Dufresne, however, is reluctant to talk about his own expansion plans for Du’s: “This isn’t, ‘Welcome to shop one of 738.’ The plan is to make one and make it great, and see how it goes.” That’s fair, but everything about the shop — the logo and color scheme designed by Dufresne’s sister-in-law Ridge Carpenter (the coffee cups feature the molecular symbol for caffeine); the very specific look of the round, puffy doughnuts; and the open, airy space — feels primed to scale, and like a conscious appeal to the kind of young food lovers that have become a driving force in the city’s food scene right now.

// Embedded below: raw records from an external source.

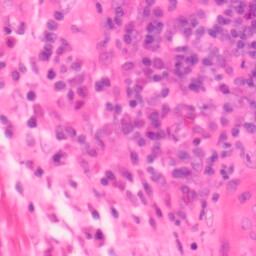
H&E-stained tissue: Colon
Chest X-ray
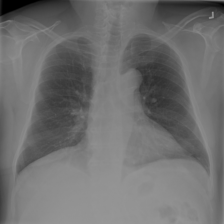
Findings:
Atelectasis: positive
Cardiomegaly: negative
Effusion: negative
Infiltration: negative
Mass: negative
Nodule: negative
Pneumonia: negative
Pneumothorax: negative
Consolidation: negative
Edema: negative
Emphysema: negative
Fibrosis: negative
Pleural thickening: negative
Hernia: negative
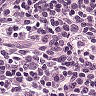
Metastatic tissue present: no
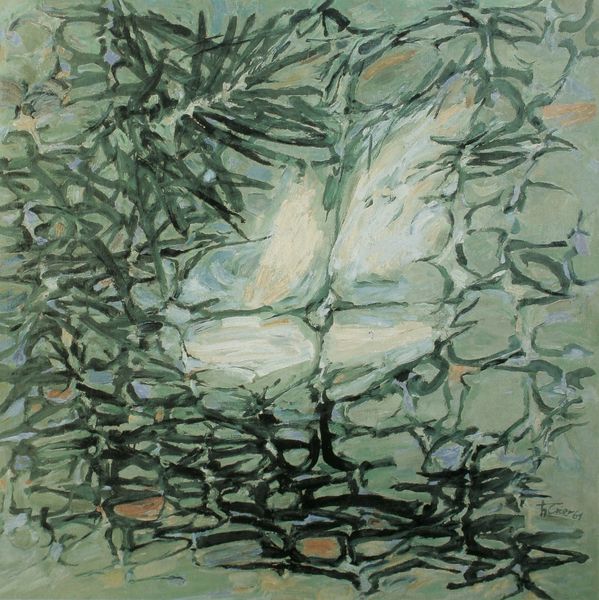
Titel: Lichtung
Künstler: Hann Trier
Institution: Privatbesitz
Schlagwörter: blau, blätter, gemälde, wasser, weiß, aquarell, grün, komposition, blume, braun, glas, grau, licht, schwarz, gras, rot, muster, steine, signatur, feld, felder, gräser, horizont, blatt, pflanze, rund, abstrakt, farben, fläche, modern, risse, dunkelgrün, farbe, formen, linien, spalten, sturm, palme, striche, vier, kreuz, farbfläche, strich, kreise, sol, lewitt, netz, stacheln, wuchs, sol lewitt
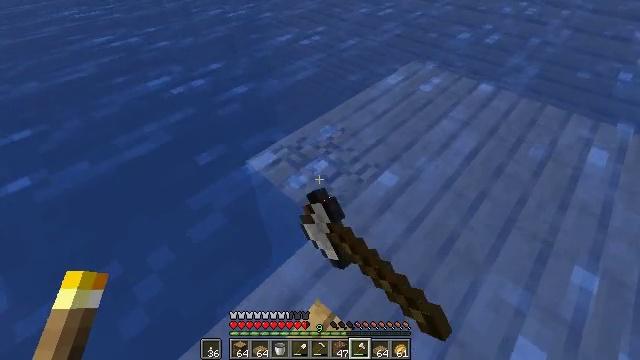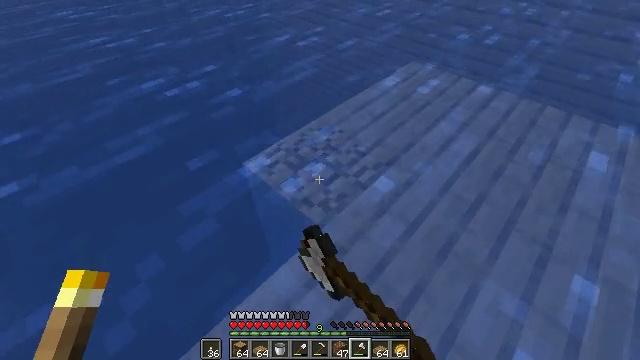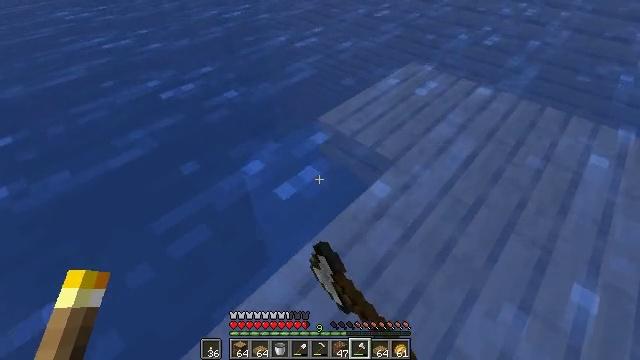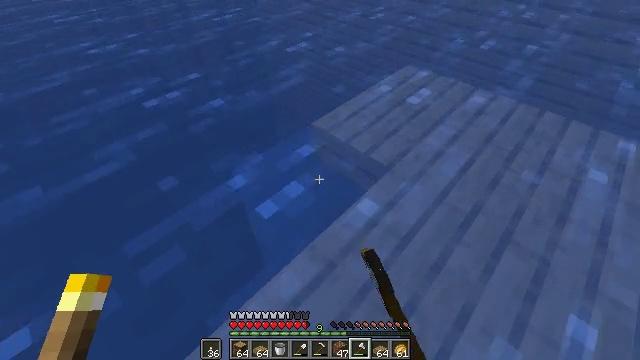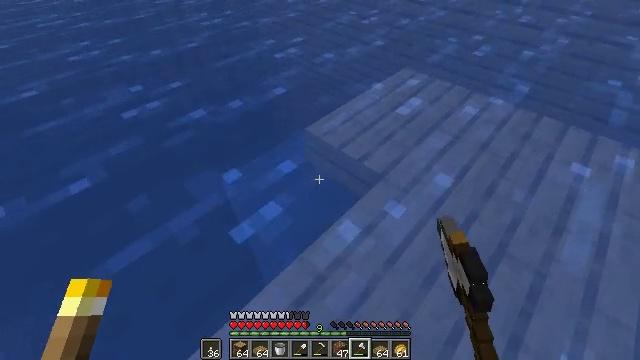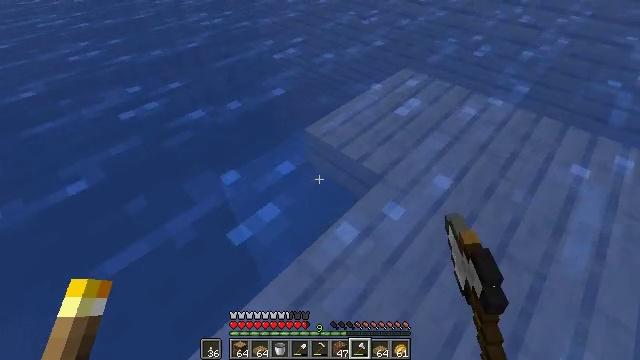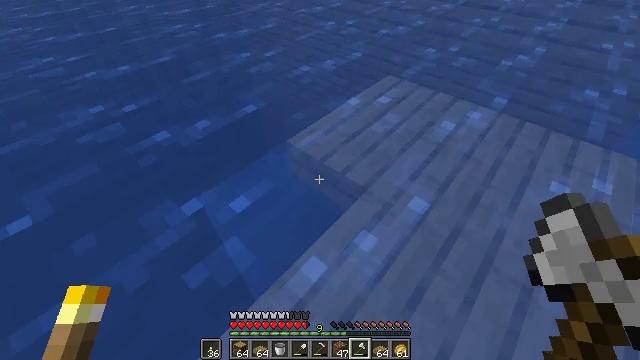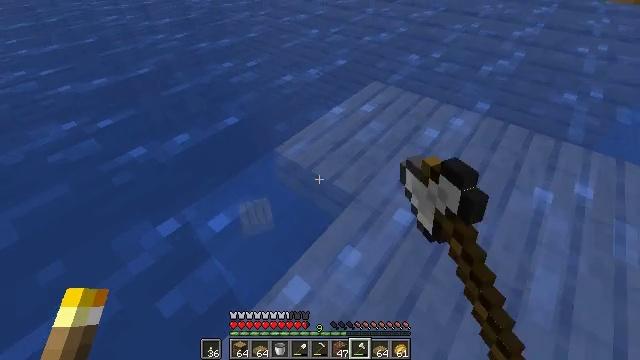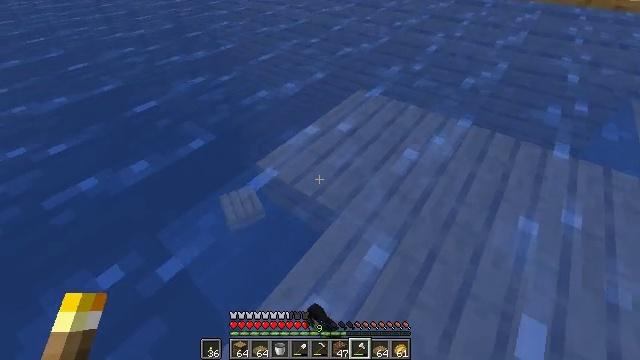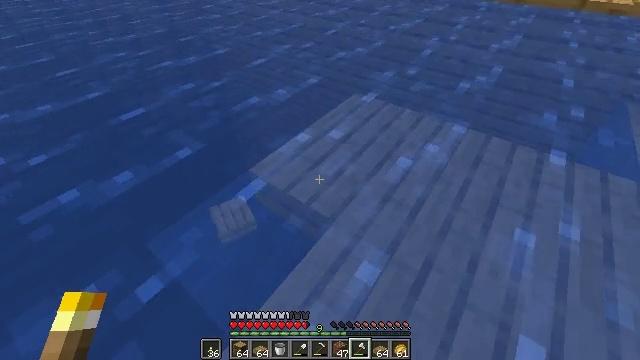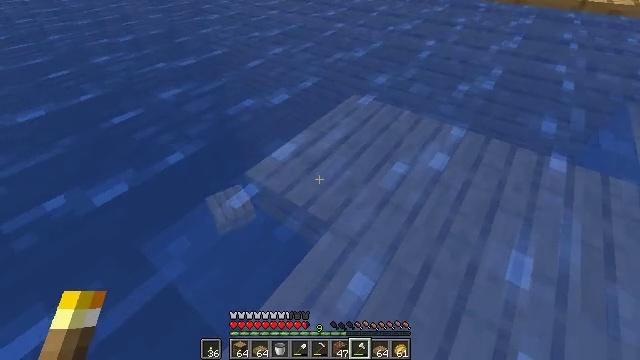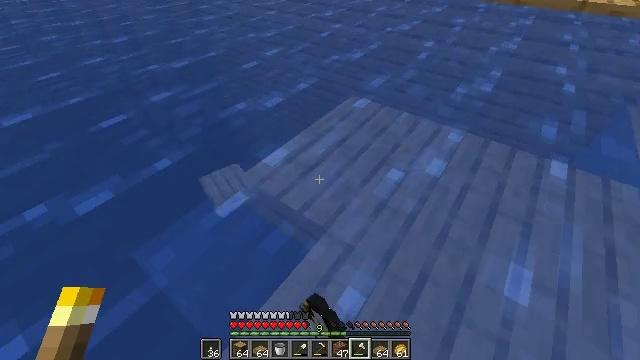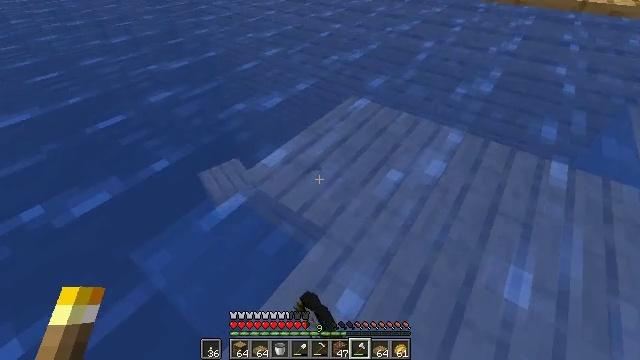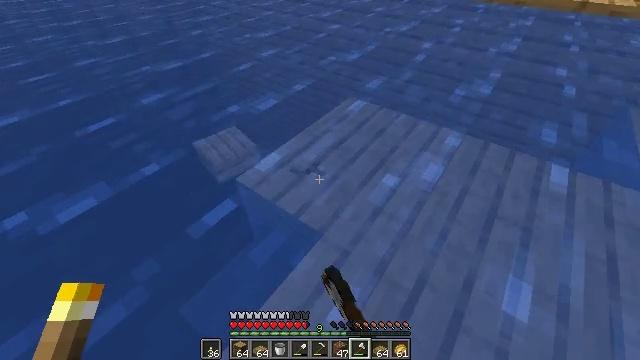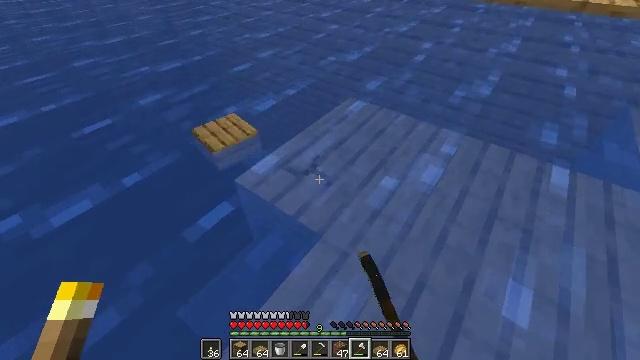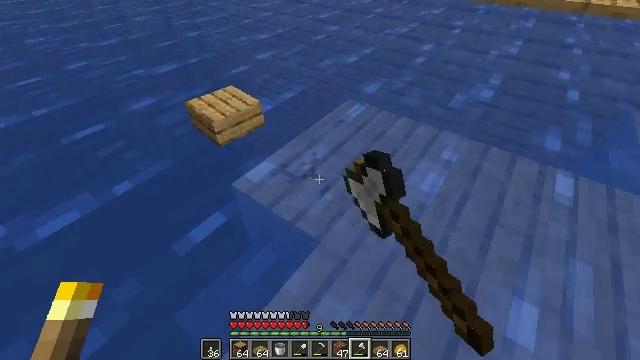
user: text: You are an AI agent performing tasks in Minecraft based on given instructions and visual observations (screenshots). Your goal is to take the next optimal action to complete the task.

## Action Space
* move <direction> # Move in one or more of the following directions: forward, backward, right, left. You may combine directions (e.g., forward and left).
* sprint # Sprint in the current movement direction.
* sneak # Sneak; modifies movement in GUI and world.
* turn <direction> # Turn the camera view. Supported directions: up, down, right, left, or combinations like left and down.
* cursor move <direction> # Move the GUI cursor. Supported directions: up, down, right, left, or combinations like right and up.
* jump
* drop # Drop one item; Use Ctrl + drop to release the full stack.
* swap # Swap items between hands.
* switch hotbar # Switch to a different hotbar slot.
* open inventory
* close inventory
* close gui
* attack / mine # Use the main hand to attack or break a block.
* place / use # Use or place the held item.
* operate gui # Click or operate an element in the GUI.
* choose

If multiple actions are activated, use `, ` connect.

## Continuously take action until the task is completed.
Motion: motion action
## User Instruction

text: Break the oak slab to get it back.
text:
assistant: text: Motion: move forward and move right, attack / mine
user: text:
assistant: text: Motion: move forward and move right, attack / mine
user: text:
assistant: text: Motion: move forward and move right, attack / mine
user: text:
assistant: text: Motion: move forward and move right, attack / mine
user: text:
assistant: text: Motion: move forward and move right, attack / mine
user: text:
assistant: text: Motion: move forward and move right, turn right, attack / mine
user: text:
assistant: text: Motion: move forward and move right, turn right and up, attack / mine
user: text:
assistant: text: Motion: move forward, turn right, attack / mine
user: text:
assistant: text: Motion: attack / mine
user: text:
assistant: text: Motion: attack / mine
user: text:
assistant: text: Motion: attack / mine
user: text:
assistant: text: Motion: attack / mine
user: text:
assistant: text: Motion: attack / mine
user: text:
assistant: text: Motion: move forward, attack / mine
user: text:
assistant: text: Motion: move forward, attack / mine
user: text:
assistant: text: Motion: move forward, attack / mine
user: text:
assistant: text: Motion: move forward, attack / mine
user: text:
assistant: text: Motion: move forward, attack / mine
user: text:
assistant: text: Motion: attack / mine
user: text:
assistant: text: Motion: turn right, attack / mine
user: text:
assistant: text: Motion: turn right, attack / mine
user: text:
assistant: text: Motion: turn right, attack / mine
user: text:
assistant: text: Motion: attack / mine
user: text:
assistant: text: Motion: attack / mine
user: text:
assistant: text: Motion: attack / mine
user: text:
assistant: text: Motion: move forward and move right, attack / mine
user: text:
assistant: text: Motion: move forward and move right, attack / mine
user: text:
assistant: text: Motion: move forward and move right, attack / mine
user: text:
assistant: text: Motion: move forward and move right, attack / mine
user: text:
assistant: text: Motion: attack / mine

Dufresne doesn’t think the traditional fine-dining model is actually dead, and he’s got plenty of ideas for a full-scale restaurant, but he readily admits that this feels like a very good time to be in the doughnut business: “For me, at least, while I wait on the sidelines a little bit and see how that fleshes out, I can be here having a ton of fun.”
It is fun, and when the shop opens — the debut is currently slated for April 26 — it is easy to imagine throngs of people lining up to taste, and photograph, Dufresne’s doughnuts with a glass of coffee milk. Other flavor ideas include peanut butter yuzu and pistachio pink lemonade. The s’mores flavor has been shelved in favor of Mexican hot chocolate and malted coffee varieties. Dufresne’s debating a PH doughnut based on Hermé’s macarons. He also wants to add cocktails a few nights a week, and loves the idea of an “Old-fashioned squared,” which is to say an old-fashioned (doughnut) paired with an Old Fashioned (drink). He mentions the possibility of doughnuts flavored to taste like daiquiris or Negronis, too. And he still needs to get that Creamsicle flavor just right. In doughnuts, really, the chef may have found a distinct vessel for boundless creativity.
“My daughters think it’s cool that I’m a chef,” Dufresne says, “but they think it’s amazing now that I have a doughnut shop.”